Neurofibromatosis type 2-related schwannomatosis (NF2-SWN) is an autosomal dominant inherited disorder with 100 % penetrance associated with pathogenic variants of the NF2 gene on the long arm of chromosome 22. It was previously known as central neurofibromatosis and neurofibromatosis type 2. NF2-SWN has a global incidence of about 1 in 50,000. This disorder is characterized by the formation of multiple types of central nervous system tumors. While bilateral vestibular schwannomas affect more than 95 % of individuals with NF2-SWN, meningiomas, ependymomas, gliomas, other schwannomas, and ophthalmologic abnormalities are also common. Careful dermatologic, ophthalmologic, and neurologic examination can identify signs of NF2-SWN to allow timely initiation of disease specific treatment. Most patients benefit from multimodal treatment, including surgery.
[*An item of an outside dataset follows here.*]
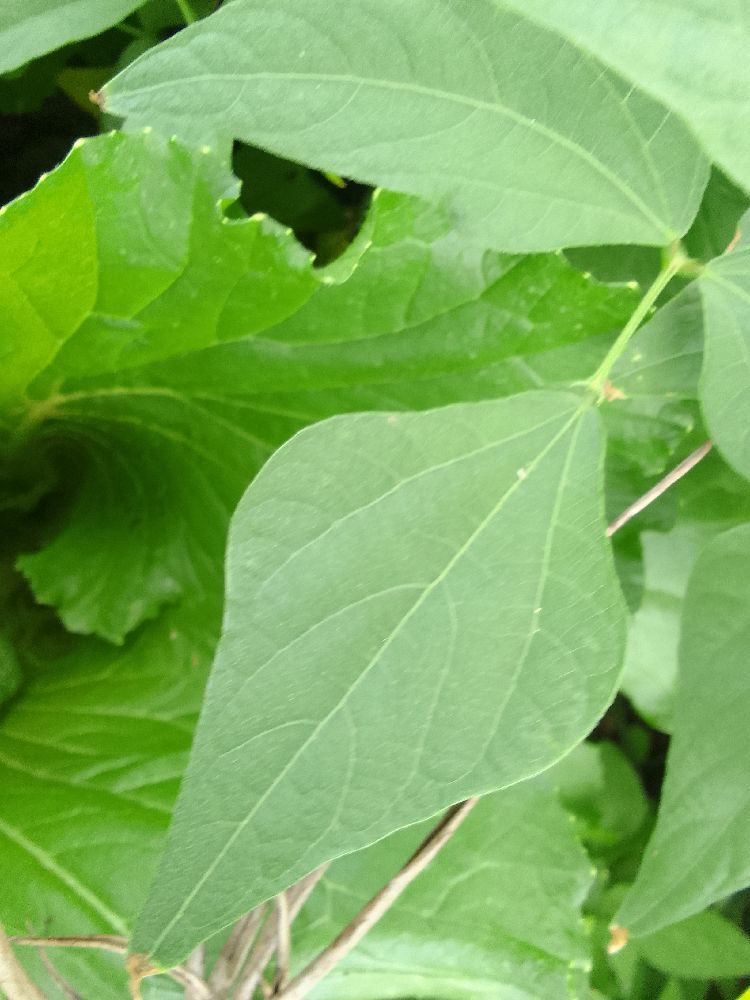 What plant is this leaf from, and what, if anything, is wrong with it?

common bean, healthy

2型神经纤维瘤病相关的神经鞘瘤病(NF2-SWN)是一种常染色体显性遗传性疾病,其发病率为100%,与22号染色体长臂上NF2基因的致病变异有关。它以前被称为中枢神经纤维瘤病和2型神经纤维瘤病。NF2-SWN在全球的发病率约为五万分之一。这种疾病的特征是形成多种类型的中枢神经系统肿瘤。虽然双侧前庭神经鞘瘤影响超过95%的NF2-SWN患者,但脑膜瘤、室管膜瘤、胶质瘤、其他神经鞘瘤和眼科异常也很常见。仔细的皮肤科、眼科和神经科检查可以识别NF2-SWN的体征,以便及时开始针对该疾病的治疗。大多数患者受益于多模式治疗,包括手术。